**TASK PROMPT**
When the line containing "#1735=ORIENTED_EDGE('',*,*,#1217,.F.);" appears in the data below, begin copying there and stop only after the line containing "#2408=AXIS2_PLACEMENT_3D('',#3672,#3001,#3002);".

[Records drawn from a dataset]
══════

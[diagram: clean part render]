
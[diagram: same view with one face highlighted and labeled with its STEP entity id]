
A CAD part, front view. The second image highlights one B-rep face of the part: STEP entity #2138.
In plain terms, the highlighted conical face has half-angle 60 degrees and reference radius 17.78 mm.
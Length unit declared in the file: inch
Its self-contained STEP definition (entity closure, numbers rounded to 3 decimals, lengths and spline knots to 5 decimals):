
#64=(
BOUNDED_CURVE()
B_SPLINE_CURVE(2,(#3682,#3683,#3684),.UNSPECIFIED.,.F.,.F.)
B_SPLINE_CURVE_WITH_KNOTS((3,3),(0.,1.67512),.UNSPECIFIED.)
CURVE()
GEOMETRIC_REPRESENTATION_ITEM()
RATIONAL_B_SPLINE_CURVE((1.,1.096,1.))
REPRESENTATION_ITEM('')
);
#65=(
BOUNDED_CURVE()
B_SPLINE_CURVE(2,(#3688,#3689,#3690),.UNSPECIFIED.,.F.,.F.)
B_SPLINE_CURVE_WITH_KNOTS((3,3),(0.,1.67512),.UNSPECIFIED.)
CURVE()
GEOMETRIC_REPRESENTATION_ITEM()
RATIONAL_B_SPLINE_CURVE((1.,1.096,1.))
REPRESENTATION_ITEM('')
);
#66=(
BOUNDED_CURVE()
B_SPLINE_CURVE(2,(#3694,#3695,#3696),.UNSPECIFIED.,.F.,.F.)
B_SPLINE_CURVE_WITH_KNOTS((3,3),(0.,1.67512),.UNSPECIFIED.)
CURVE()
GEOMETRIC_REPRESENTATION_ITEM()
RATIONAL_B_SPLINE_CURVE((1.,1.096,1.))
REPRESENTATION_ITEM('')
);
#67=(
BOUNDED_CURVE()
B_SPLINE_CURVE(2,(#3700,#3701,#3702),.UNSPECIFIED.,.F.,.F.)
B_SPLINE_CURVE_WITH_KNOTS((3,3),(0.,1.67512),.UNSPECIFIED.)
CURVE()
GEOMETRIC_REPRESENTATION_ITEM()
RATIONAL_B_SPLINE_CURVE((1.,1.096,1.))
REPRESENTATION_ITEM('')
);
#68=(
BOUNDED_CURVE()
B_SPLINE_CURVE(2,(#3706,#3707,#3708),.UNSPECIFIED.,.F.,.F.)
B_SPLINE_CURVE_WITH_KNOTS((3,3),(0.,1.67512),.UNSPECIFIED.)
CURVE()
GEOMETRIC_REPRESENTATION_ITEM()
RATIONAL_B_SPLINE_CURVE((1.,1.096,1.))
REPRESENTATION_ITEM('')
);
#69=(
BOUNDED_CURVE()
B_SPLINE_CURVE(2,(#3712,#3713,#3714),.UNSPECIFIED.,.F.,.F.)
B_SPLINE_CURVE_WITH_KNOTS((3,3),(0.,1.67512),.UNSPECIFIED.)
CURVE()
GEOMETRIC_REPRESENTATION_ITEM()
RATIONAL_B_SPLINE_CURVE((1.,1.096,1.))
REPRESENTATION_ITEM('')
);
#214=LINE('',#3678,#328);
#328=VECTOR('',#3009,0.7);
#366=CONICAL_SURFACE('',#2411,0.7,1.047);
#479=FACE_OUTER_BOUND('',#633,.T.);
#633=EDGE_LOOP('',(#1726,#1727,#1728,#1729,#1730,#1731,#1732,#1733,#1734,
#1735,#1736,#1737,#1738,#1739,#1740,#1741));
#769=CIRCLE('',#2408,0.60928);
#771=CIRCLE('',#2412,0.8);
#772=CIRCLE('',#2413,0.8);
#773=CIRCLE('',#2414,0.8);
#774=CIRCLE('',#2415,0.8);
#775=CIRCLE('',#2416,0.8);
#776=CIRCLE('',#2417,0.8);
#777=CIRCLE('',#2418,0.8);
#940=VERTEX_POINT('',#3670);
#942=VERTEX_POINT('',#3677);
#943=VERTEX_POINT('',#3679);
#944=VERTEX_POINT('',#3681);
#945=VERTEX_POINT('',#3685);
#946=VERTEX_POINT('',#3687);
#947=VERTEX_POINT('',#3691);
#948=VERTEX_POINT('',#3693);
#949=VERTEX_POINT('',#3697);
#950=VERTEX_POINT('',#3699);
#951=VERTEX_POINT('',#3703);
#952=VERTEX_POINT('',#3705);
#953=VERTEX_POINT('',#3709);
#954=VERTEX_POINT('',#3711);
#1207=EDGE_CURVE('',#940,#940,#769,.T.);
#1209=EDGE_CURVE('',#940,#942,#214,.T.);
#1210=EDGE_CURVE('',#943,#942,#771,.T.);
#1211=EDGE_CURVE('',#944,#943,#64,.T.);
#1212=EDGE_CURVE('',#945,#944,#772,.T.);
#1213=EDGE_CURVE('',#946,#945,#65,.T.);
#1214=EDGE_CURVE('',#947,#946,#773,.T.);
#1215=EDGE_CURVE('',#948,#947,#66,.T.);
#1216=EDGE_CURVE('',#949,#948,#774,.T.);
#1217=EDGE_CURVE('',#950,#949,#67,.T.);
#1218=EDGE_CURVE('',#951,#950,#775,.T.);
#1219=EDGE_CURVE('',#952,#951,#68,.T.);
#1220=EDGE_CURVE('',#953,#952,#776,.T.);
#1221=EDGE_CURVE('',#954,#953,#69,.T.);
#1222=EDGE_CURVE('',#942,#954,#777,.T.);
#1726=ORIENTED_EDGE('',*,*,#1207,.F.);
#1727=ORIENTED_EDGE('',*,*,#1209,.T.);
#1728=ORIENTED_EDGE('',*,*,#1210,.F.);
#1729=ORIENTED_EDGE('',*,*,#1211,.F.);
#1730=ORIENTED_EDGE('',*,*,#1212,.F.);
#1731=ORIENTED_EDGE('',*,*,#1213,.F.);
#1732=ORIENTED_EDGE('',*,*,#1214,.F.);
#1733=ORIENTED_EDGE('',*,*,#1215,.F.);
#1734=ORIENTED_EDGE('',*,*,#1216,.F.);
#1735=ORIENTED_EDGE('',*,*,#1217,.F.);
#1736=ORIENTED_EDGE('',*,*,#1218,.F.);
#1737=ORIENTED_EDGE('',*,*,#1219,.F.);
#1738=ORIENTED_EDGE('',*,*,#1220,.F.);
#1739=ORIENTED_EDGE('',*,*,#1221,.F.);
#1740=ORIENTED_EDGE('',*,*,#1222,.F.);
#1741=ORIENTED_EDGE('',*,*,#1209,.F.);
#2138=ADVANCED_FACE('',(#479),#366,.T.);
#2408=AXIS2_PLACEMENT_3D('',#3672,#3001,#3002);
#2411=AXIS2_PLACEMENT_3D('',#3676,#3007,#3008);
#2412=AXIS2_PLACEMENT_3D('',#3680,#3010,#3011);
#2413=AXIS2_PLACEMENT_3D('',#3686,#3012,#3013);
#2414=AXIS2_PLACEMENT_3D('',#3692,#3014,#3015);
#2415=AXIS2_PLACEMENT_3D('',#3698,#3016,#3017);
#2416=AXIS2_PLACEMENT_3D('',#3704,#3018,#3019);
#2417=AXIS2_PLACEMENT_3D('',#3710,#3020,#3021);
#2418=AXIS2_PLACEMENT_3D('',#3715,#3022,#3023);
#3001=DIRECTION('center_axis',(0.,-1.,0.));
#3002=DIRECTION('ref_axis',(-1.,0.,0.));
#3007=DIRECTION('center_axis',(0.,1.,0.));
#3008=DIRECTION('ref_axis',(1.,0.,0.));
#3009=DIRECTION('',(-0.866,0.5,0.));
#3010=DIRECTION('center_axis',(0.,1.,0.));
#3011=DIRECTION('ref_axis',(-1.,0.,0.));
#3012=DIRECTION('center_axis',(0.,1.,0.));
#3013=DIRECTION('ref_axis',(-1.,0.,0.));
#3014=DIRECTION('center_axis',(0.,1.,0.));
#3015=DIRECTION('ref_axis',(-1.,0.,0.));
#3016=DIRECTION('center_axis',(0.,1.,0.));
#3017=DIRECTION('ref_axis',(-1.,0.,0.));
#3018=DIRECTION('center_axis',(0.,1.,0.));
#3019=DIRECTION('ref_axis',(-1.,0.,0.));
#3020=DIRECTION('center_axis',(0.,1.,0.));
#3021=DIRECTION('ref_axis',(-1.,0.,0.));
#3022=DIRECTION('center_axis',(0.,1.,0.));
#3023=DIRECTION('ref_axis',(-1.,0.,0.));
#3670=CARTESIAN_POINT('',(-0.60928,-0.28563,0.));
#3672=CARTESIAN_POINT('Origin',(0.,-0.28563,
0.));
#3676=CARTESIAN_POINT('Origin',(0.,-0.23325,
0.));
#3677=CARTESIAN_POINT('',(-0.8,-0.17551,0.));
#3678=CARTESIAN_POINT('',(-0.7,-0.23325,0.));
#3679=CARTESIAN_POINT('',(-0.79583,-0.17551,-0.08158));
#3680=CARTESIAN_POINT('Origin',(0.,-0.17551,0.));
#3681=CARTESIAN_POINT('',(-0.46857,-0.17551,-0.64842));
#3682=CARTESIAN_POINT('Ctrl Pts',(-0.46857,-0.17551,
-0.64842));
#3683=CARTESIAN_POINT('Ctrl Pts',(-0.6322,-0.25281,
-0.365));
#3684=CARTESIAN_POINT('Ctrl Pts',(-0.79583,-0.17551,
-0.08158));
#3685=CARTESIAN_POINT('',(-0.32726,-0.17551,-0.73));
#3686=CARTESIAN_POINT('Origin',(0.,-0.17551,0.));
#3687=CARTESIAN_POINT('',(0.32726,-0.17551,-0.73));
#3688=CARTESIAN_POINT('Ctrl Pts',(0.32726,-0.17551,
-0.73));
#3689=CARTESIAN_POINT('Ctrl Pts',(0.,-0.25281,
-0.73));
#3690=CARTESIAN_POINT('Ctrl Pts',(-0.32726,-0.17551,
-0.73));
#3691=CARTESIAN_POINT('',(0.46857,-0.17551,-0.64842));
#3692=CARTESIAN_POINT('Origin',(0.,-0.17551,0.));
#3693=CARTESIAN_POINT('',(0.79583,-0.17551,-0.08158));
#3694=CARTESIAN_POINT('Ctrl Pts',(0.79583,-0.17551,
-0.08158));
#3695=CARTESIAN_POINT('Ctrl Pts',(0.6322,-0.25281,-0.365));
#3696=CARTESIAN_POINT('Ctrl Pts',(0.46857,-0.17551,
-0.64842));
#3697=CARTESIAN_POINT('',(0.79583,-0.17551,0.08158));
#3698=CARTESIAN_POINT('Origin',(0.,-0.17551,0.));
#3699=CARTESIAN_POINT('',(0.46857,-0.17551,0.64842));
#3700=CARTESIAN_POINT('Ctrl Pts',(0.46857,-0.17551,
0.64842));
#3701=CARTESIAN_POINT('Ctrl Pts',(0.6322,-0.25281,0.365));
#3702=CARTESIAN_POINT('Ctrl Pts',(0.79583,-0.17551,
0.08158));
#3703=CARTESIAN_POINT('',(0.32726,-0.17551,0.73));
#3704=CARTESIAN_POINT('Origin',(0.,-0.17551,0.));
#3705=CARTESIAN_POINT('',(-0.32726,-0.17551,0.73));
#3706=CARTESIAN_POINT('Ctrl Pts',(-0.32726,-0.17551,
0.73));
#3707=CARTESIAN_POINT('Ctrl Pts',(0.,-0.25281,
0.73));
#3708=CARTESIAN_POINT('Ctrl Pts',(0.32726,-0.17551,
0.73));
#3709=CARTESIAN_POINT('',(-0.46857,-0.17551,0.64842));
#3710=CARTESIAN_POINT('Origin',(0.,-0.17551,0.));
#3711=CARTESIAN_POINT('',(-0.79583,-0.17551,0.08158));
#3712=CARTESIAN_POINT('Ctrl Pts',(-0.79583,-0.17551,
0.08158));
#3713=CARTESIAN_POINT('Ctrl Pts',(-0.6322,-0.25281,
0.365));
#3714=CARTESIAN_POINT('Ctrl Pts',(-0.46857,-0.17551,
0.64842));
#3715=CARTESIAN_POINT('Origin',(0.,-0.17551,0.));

══════

**REPLY**
#1735=ORIENTED_EDGE('',*,*,#1217,.F.);
#1736=ORIENTED_EDGE('',*,*,#1218,.F.);
#1737=ORIENTED_EDGE('',*,*,#1219,.F.);
#1738=ORIENTED_EDGE('',*,*,#1220,.F.);
#1739=ORIENTED_EDGE('',*,*,#1221,.F.);
#1740=ORIENTED_EDGE('',*,*,#1222,.F.);
#1741=ORIENTED_EDGE('',*,*,#1209,.F.);
#2138=ADVANCED_FACE('',(#479),#366,.T.);
#2408=AXIS2_PLACEMENT_3D('',#3672,#3001,#3002);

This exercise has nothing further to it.